Precisei esconder minha vontade de chorar pelo sofrimento da menina e de me esconder também de todos naquela sala estranha, estrangeira, cheia de meninos e meninas branquelos, de sobrenomes italianos, alemães e japoneses.

Afinal, quem era a negrinha senão eu? Ainda que houvesse outras poucas crianças negras na classe, a negrinha, estava na cara, era a minha ancestralidade. Detestei Monteiro Lobato de novo.

Aquele idiota daquele escritor achava o quê? Que estava libertando as negrinhas ou melhorando a vida delas ao expor a dor das criaturas daquele modo? E a professora? Precisava ecoar aquela desgraceira humilhante em plena aula? Revolta. Indignação.

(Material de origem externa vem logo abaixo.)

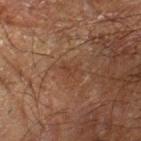Findings:
– workup · catalogued during a skin exam; not biopsied
– image · total-body-photography crop, ~15 mm field of view
– location · the arm
– lesion diameter · about 2.5 mm
– illumination · cross-polarized
– patient · male, aged approximately 65
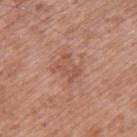Q: Is there a histopathology result?
A: no biopsy performed (imaged during a skin exam)
Q: What did automated image analysis measure?
A: a footprint of about 5.5 mm² and an outline eccentricity of about 0.75 (0 = round, 1 = elongated); an average lesion color of about L≈53 a*≈23 b*≈29 (CIELAB), a lesion–skin lightness drop of about 7, and a normalized border contrast of about 5
Q: What kind of image is this?
A: ~15 mm crop, total-body skin-cancer survey
Q: How large is the lesion?
A: ≈3 mm
Q: Patient demographics?
A: male, aged around 50
Q: Where on the body is the lesion?
A: the back
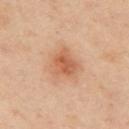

Mas eis que, dez dias depois de ler a coluna de Marcelo Coelho, deparo-me com uma pequena reportagem da TV Vanguarda, afiliada da Rede Globo no Vale do Paraíba, região onde fica Taubaté (SP), cidade onde nasceu e viveu o fazendeiro Monteiro Lobato.

No Jornal Vanguarda local, das 19h10, de 29/1, uma matéria com a bisneta de Lobato, Cleo Monteiro Lobato, anunciava uma nova edição “revisada” do livro “A Menina do Narizinho Arrebitado”, sem os epítetos racistas.

Cleo Lobato contou que alterou, por exemplo, certa caracterização da tia Anastácia (chamada de “negra beiçuda” e “negra de estimação” nos originais): “Em vez de a negra deu uma risada gostosa”, explica ela, “tia Anastácia deu uma risada gostosa. Troquei um nome. E isso dá um peso de igualdade à tia Anastácia, com a dona Benta, com a Narizinho”.

A matéria da TV Vanguarda, que de vanguarda mesmo não tem nada —a emissora é péssima em qualidade da informação, tendenciosa, careta e reflete o espírito reacionário e politicamente à direita da região—, fazia uma ginástica noticiosa para contrapor a visão arejada da bisneta às qualidades do escritor racista.

Importante é que haja “revisão”, explicação, alteração (a aérea esperança!), chame-se como for, dessa aberração racista chamada Monteiro Lobato para crianças (e adultos).

Erramos: o texto foi alterado

No conto "Negrinha", de Monteiro Lobato, a patroa coloca um ovo quente na boca da criança, não em suas mãos, como afirmava versão anterior deste texto.